Task to carry out:
Please return each entry exactly as it appears, but not the pictures.

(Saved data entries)
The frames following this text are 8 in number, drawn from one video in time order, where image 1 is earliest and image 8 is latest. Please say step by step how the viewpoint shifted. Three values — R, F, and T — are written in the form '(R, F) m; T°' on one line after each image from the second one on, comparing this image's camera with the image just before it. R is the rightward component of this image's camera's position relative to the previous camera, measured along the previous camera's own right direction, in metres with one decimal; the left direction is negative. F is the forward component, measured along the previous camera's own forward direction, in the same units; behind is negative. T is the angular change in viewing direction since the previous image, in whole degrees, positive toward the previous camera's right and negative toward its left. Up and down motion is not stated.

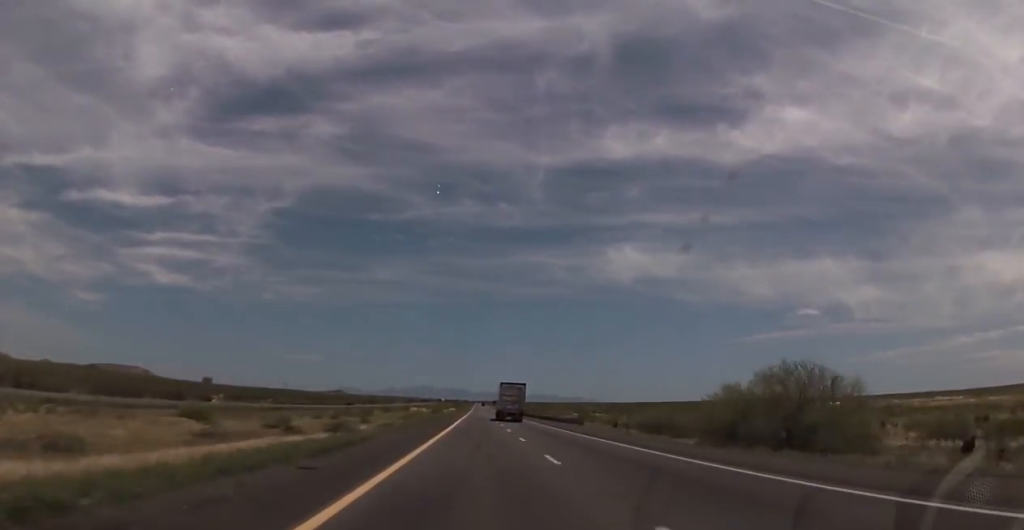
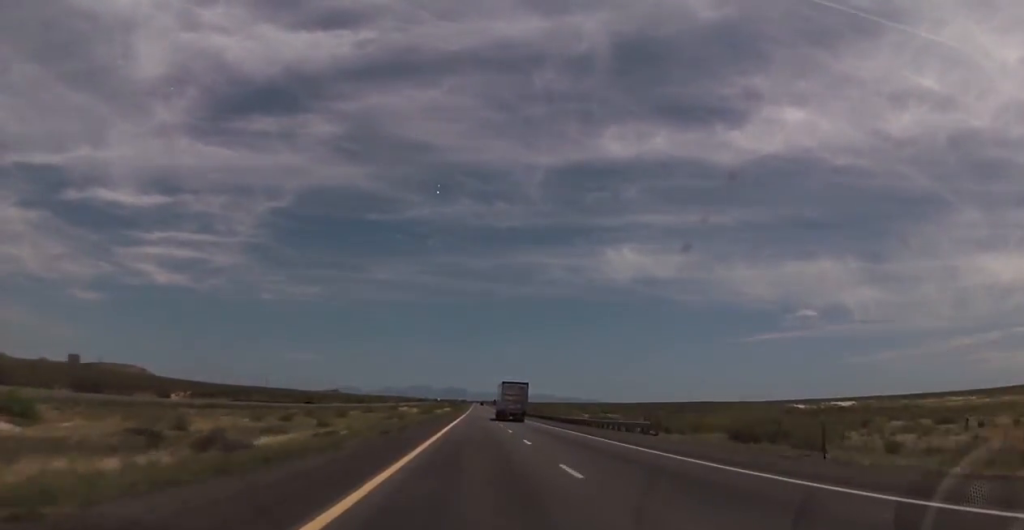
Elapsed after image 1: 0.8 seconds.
(+0.1, +27.6) m; 0°
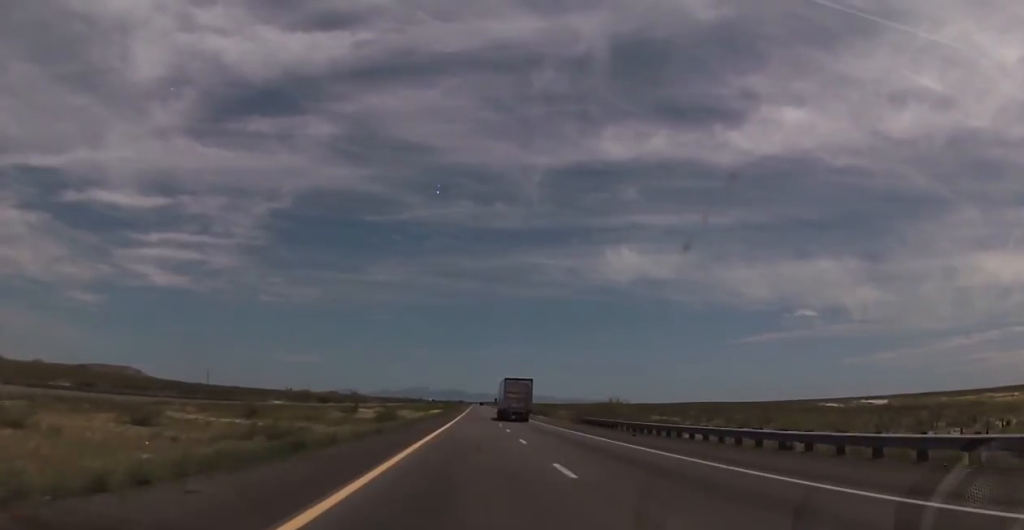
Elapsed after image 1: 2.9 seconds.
(0.0, +73.6) m; -1°
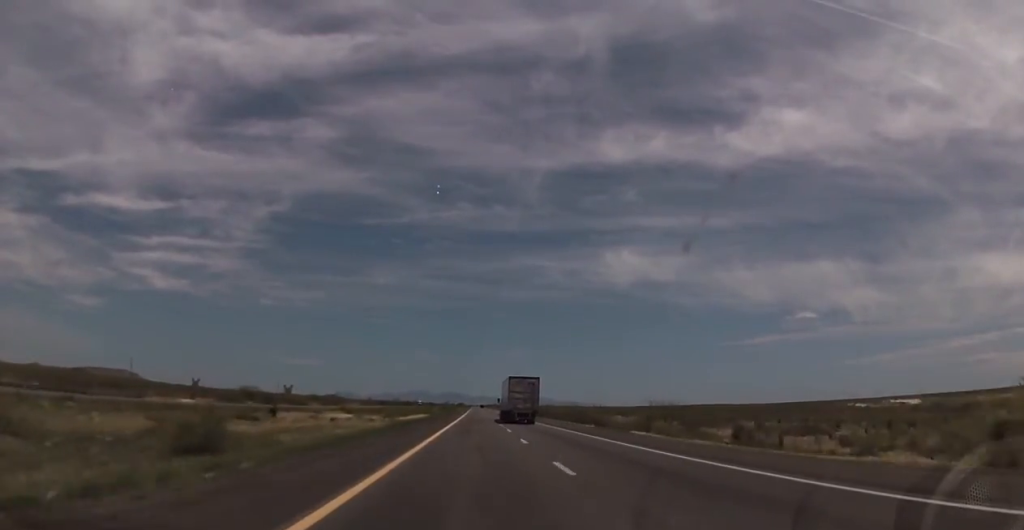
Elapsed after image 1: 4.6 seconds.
(-0.1, +60.2) m; +1°
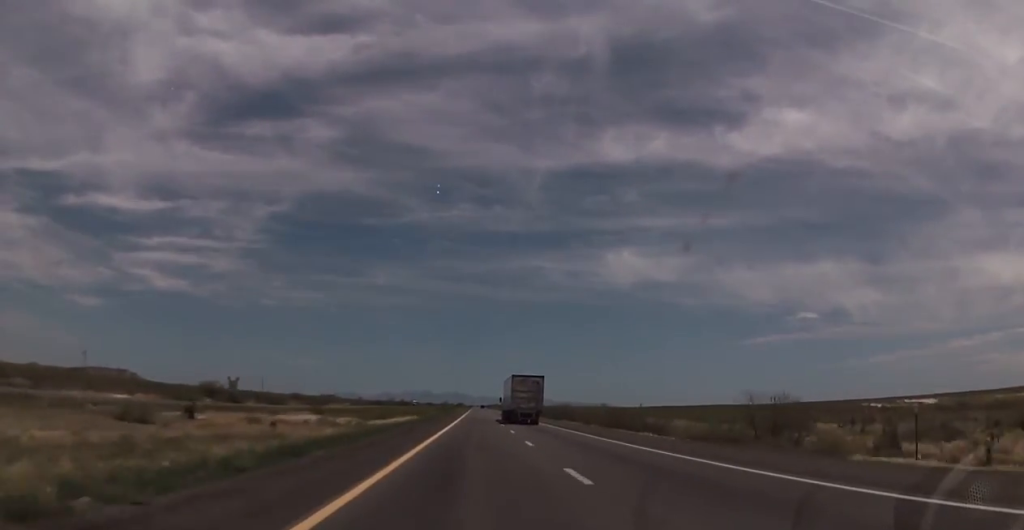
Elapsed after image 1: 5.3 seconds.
(+0.1, +26.1) m; 0°
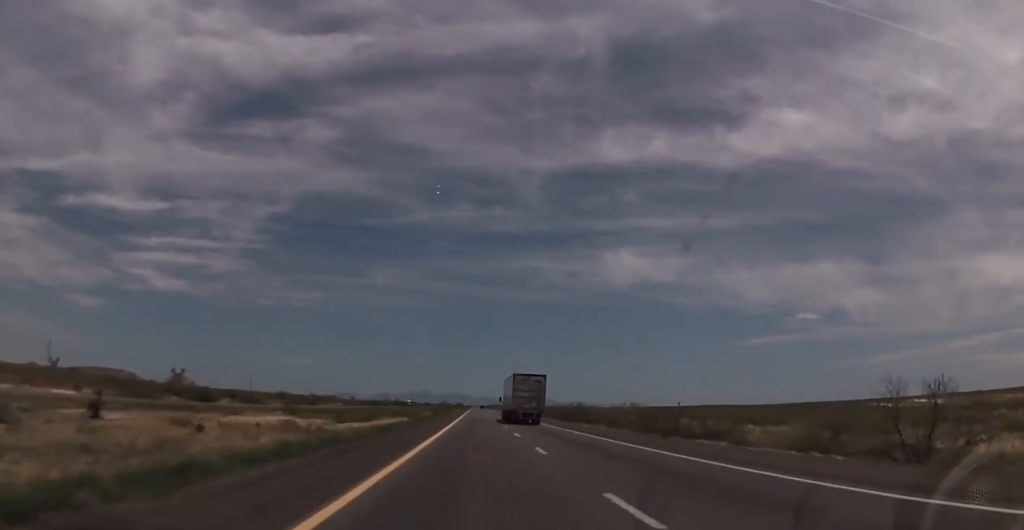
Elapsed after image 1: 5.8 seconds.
(+0.1, +16.7) m; 0°
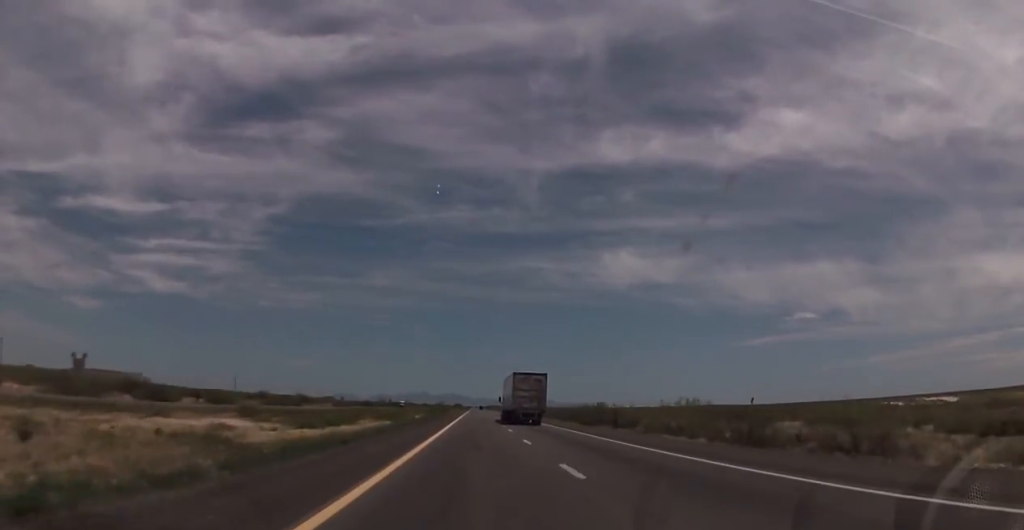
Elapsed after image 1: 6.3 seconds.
(-0.2, +19.1) m; 0°
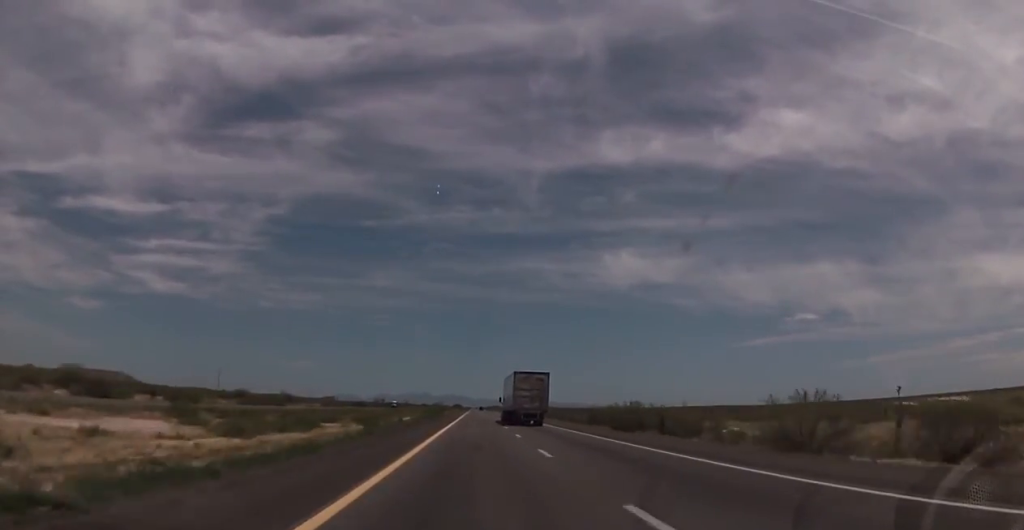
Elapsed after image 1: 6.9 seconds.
(-0.3, +19.1) m; 0°

Answer section:
The frames following this text are 8 in number, drawn from one video in time order, where image 1 is earliest and image 8 is latest. Please say step by step how the viewpoint shifted. Three values — R, F, and T — are written in the form '(R, F) m; T°' on one line after each image from the second one on, comparing this image's camera with the image just before it. R is the rightward component of this image's camera's position relative to the previous camera, measured along the previous camera's own right direction, in metres with one decimal; the left direction is negative. F is the forward component, measured along the previous camera's own forward direction, in the same units; behind is negative. T is the angular change in viewing direction since the previous image, in whole degrees, positive toward the previous camera's right and negative toward its left. Up and down motion is not stated.

Elapsed after image 1: 0.8 seconds.
(+0.1, +27.6) m; 0°
Elapsed after image 1: 2.9 seconds.
(0.0, +73.6) m; -1°
Elapsed after image 1: 4.6 seconds.
(-0.1, +60.2) m; +1°
Elapsed after image 1: 5.3 seconds.
(+0.1, +26.1) m; 0°
Elapsed after image 1: 5.8 seconds.
(+0.1, +16.7) m; 0°
Elapsed after image 1: 6.3 seconds.
(-0.2, +19.1) m; 0°
Elapsed after image 1: 6.9 seconds.
(-0.3, +19.1) m; 0°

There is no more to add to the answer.